TranSQL+: Serving Large Language Models with SQL on Low-Resource Hardware
This work addresses the problem of efficient LLM inference for users with low-resource hardware, offering a novel deployment approach that leverages mature database features, though it is incremental as it builds on existing SQL and optimization techniques.
The paper tackles the challenge of deploying large language models on resource-constrained devices by introducing TranSQL+, a template-based code generator that translates LLM computation graphs into pure SQL queries for execution in relational databases, achieving up to 20x lower prefill latency and 4x higher decoding speed compared to existing methods like DeepSpeed Inference and Llama.cpp in low-memory and CPU-only configurations.
Deploying Large Language Models (LLMs) on resource-constrained devices remains challenging due to limited memory, lack of GPUs, and the complexity of existing runtimes.
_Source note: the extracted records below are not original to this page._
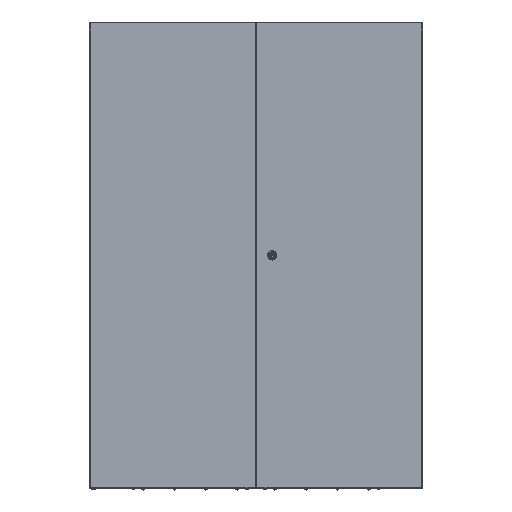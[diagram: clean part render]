
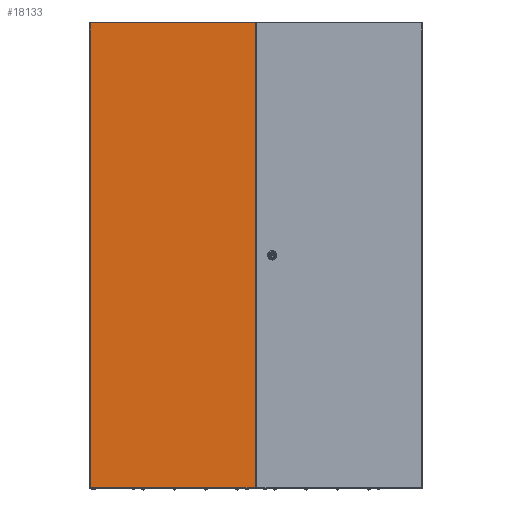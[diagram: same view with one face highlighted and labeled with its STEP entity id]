
A CAD part, top view. The second image highlights one B-rep face of the part: STEP entity #18133.
In plain terms, the highlighted planar face has unit normal (0, 0, 1).
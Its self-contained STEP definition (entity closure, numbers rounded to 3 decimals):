
#1688 = EDGE_LOOP ( 'NONE', ( #16866, #33002, #65762, #80330 ) ) ;
#6494 = AXIS2_PLACEMENT_3D ( 'NONE', #90254, #82854, #12965 ) ;
#9061 = CARTESIAN_POINT ( 'NONE',  ( 2.63, 3., 17.5 ) ) ;
#9605 = DIRECTION ( 'NONE',  ( 0., -1., 0. ) ) ;
#9991 = CARTESIAN_POINT ( 'NONE',  ( 497.13, 1397., 17.5 ) ) ;
#10080 = LINE ( 'NONE', #70398, #52702 ) ;
#12965 = DIRECTION ( 'NONE',  ( 1., 0., 0. ) ) ;
#13530 = PLANE ( 'NONE',  #6494 ) ;
#15022 = VERTEX_POINT ( 'NONE', #9991 ) ;
#16866 = ORIENTED_EDGE ( 'NONE', *, *, #96776, .T. ) ;
#18133 = ADVANCED_FACE ( 'NONE', ( #48408 ), #13530, .T. ) ;
#19051 = CARTESIAN_POINT ( 'NONE',  ( 497.13, 3., 17.5 ) ) ;
#28747 = VERTEX_POINT ( 'NONE', #19051 ) ;
#30274 = VECTOR ( 'NONE', #67734, 1000. ) ;
#31719 = VERTEX_POINT ( 'NONE', #67372 ) ;
#33002 = ORIENTED_EDGE ( 'NONE', *, *, #105943, .T. ) ;
#33269 = LINE ( 'NONE', #9061, #30274 ) ;
#38580 = EDGE_CURVE ( 'NONE', #28747, #15022, #10080, .T. ) ;
#45919 = VERTEX_POINT ( 'NONE', #61855 ) ;
#48408 = FACE_OUTER_BOUND ( 'NONE', #1688, .T. ) ;
#52702 = VECTOR ( 'NONE', #104928, 1000. ) ;
#52763 = LINE ( 'NONE', #53891, #97733 ) ;
#53891 = CARTESIAN_POINT ( 'NONE',  ( 2.63, 1397., 17.5 ) ) ;
#61855 = CARTESIAN_POINT ( 'NONE',  ( 2.63, 3., 17.5 ) ) ;
#62716 = EDGE_CURVE ( 'NONE', #15022, #31719, #52763, .T. ) ;
#65762 = ORIENTED_EDGE ( 'NONE', *, *, #38580, .T. ) ;
#67372 = CARTESIAN_POINT ( 'NONE',  ( 2.63, 1397., 17.5 ) ) ;
#67734 = DIRECTION ( 'NONE',  ( 1., 0., 0. ) ) ;
#70398 = CARTESIAN_POINT ( 'NONE',  ( 497.13, 1397., 17.5 ) ) ;
#80330 = ORIENTED_EDGE ( 'NONE', *, *, #62716, .T. ) ;
#82854 = DIRECTION ( 'NONE',  ( 0., 0., 1. ) ) ;
#88331 = DIRECTION ( 'NONE',  ( -1., 0., 0. ) ) ;
#90254 = CARTESIAN_POINT ( 'NONE',  ( 0., 0., 17.5 ) ) ;
#91131 = VECTOR ( 'NONE', #9605, 1000. ) ;
#96776 = EDGE_CURVE ( 'NONE', #31719, #45919, #103918, .T. ) ;
#97065 = CARTESIAN_POINT ( 'NONE',  ( 2.63, 1397., 17.5 ) ) ;
#97733 = VECTOR ( 'NONE', #88331, 1000. ) ;
#103918 = LINE ( 'NONE', #97065, #91131 ) ;
#104928 = DIRECTION ( 'NONE',  ( 0., 1., 0. ) ) ;
#105943 = EDGE_CURVE ( 'NONE', #45919, #28747, #33269, .T. ) ;
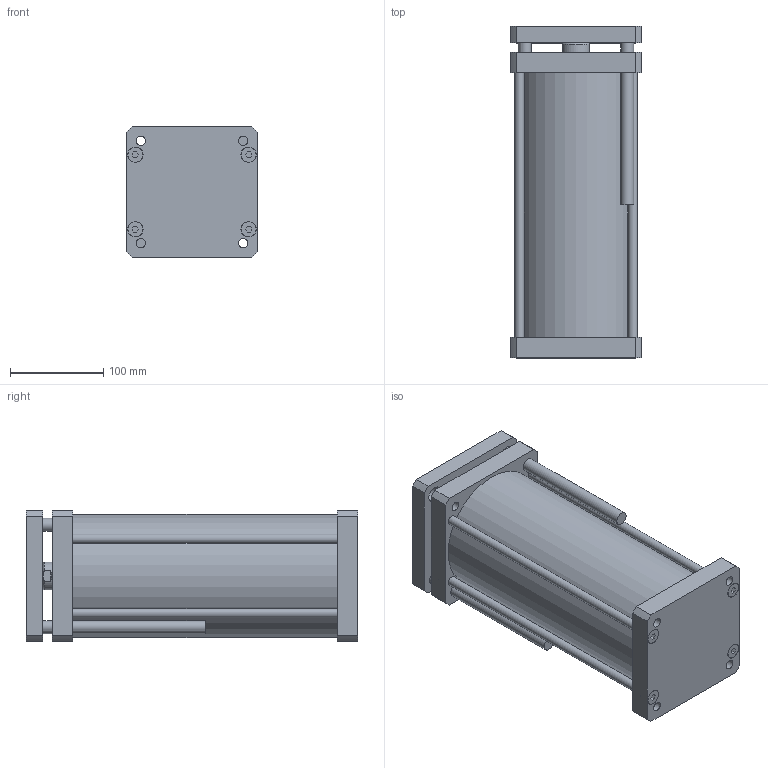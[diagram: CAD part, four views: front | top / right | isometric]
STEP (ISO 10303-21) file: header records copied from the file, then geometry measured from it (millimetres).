
FILE_DESCRIPTION((''),'2;1');
FILE_NAME('KDMA125.250.GS.F.stp','2011-09-06T14:22:43',('Administrator'),(''),'Autodesk Inventor 2012','Autodesk Inventor 2012','');
FILE_SCHEMA(('AUTOMOTIVE_DESIGN { 1 0 10303 214 1 1 1 1 }'));
Length unit declared in the file: millimetre
Products named in the file (1): KDMA125.250.GS.F
Bounding box: 140 x 356 x 140 mm (x, y, z)
Volume: 5200864.5 mm3; surface area: 309894.9 mm2
Topology: 1 solids, 1 shells, 186 faces, 440 edges, 296 vertices
Faces by surface type: plane 124, cylinder 59, cone 2, torus 1
Full cylindrical faces by diameter (mm): 10 x8, 10.106 x6, 11.445 x2, 12.5 x2, 13.5 x2, 14 x4, 16 x8, 16.5 x8, 17 x2, 21 x1, 30 x1, 33 x1, 34 x1, 132 x1
Entity records: 5323 total; most frequent: CARTESIAN_POINT 887, DIRECTION 870, ORIENTED_EDGE 752, EDGE_CURVE 376, EDGE_LOOP 312, AXIS2_PLACEMENT_3D 309, VERTEX_POINT 282, VECTOR 252
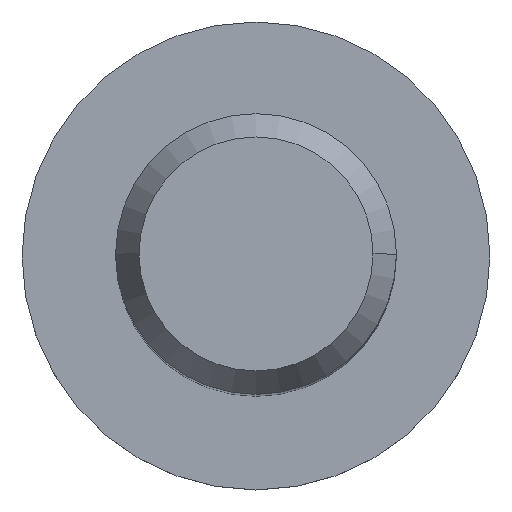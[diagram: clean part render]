
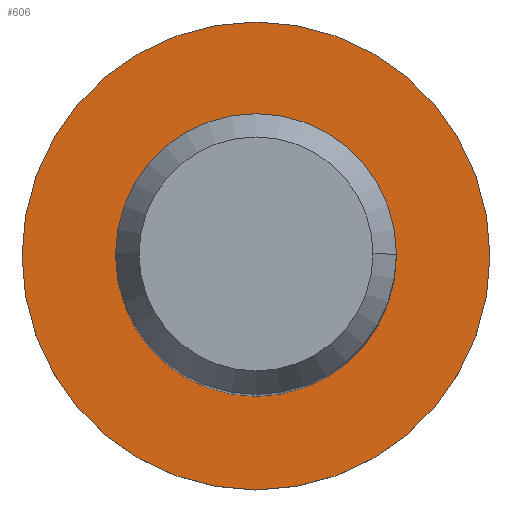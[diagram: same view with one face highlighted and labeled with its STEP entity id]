
A CAD part, top view. The second image highlights one B-rep face of the part: STEP entity #606.
In plain terms, the highlighted planar face has unit normal (0, 0, 1).
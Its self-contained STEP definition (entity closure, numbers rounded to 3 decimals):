
#391=CARTESIAN_POINT('',(0.,0.,0.5));
#392=DIRECTION('',(0.,0.,-1.));
#393=DIRECTION('',(-1.,0.,0.));
#394=AXIS2_PLACEMENT_3D('',#391,#392,#393);
#396=CARTESIAN_POINT('',(0.,0.,0.5));
#397=DIRECTION('',(0.,0.,-1.));
#398=DIRECTION('',(1.,0.,0.));
#399=AXIS2_PLACEMENT_3D('',#396,#397,#398);
#401=CARTESIAN_POINT('',(0.,0.,0.5));
#402=DIRECTION('',(0.,0.,1.));
#403=DIRECTION('',(1.,0.,0.));
#404=AXIS2_PLACEMENT_3D('',#401,#402,#403);
#406=CARTESIAN_POINT('',(0.,0.,0.5));
#407=DIRECTION('',(0.,0.,1.));
#408=DIRECTION('',(-1.,0.,0.));
#409=AXIS2_PLACEMENT_3D('',#406,#407,#408);
#463=CARTESIAN_POINT('',(5.,0.,0.5));
#464=VERTEX_POINT('',#463);
#465=CARTESIAN_POINT('',(-5.,0.,0.5));
#466=VERTEX_POINT('',#465);
#467=CARTESIAN_POINT('',(3.,0.,0.5));
#468=CARTESIAN_POINT('',(-3.,0.,0.5));
#469=VERTEX_POINT('',#467);
#470=VERTEX_POINT('',#468);
#591=CARTESIAN_POINT('',(-5.,0.,0.5));
#592=DIRECTION('',(0.,0.,-1.));
#593=DIRECTION('',(0.,-1.,0.));
#594=AXIS2_PLACEMENT_3D('',#591,#592,#593);
#595=PLANE('',#594);
#596=ORIENTED_EDGE('',*,*,#571,.T.);
#597=ORIENTED_EDGE('',*,*,#584,.T.);
#598=EDGE_LOOP('',(#596,#597));
#599=FACE_OUTER_BOUND('',#598,.F.);
#601=ORIENTED_EDGE('',*,*,#600,.T.);
#603=ORIENTED_EDGE('',*,*,#602,.T.);
#604=EDGE_LOOP('',(#601,#603));
#605=FACE_BOUND('',#604,.F.);
#395=CIRCLE('',#394,5.);
#400=CIRCLE('',#399,5.);
#405=CIRCLE('',#404,3.);
#410=CIRCLE('',#409,3.);
#571=EDGE_CURVE('',#466,#464,#395,.T.);
#584=EDGE_CURVE('',#464,#466,#400,.T.);
#600=EDGE_CURVE('',#469,#470,#405,.T.);
#602=EDGE_CURVE('',#470,#469,#410,.T.);
#606=ADVANCED_FACE('',(#599,#605),#595,.F.);

In this paper, we introduce TranSQL+, a template-based code generator that translates LLM computation graphs into pure SQL queries for execution in relational databases. Without relying on external libraries, TranSQL+, leverages mature database features, such as vectorized execution and out-of-core processing, for efficient inference. We further propose a row-to-column (ROW2COL) optimization that improves join efficiency in matrix operations. Evaluated on Llama3-8B and DeepSeekMoE models, TranSQL+ achieves up to 20x lower prefill latency and 4x higher decoding speed compared to DeepSpeed Inference and Llama.cpp in low-memory and CPU-only configurations. Our results highlight relational databases as a practical environment for LLMs on low-resource hardware.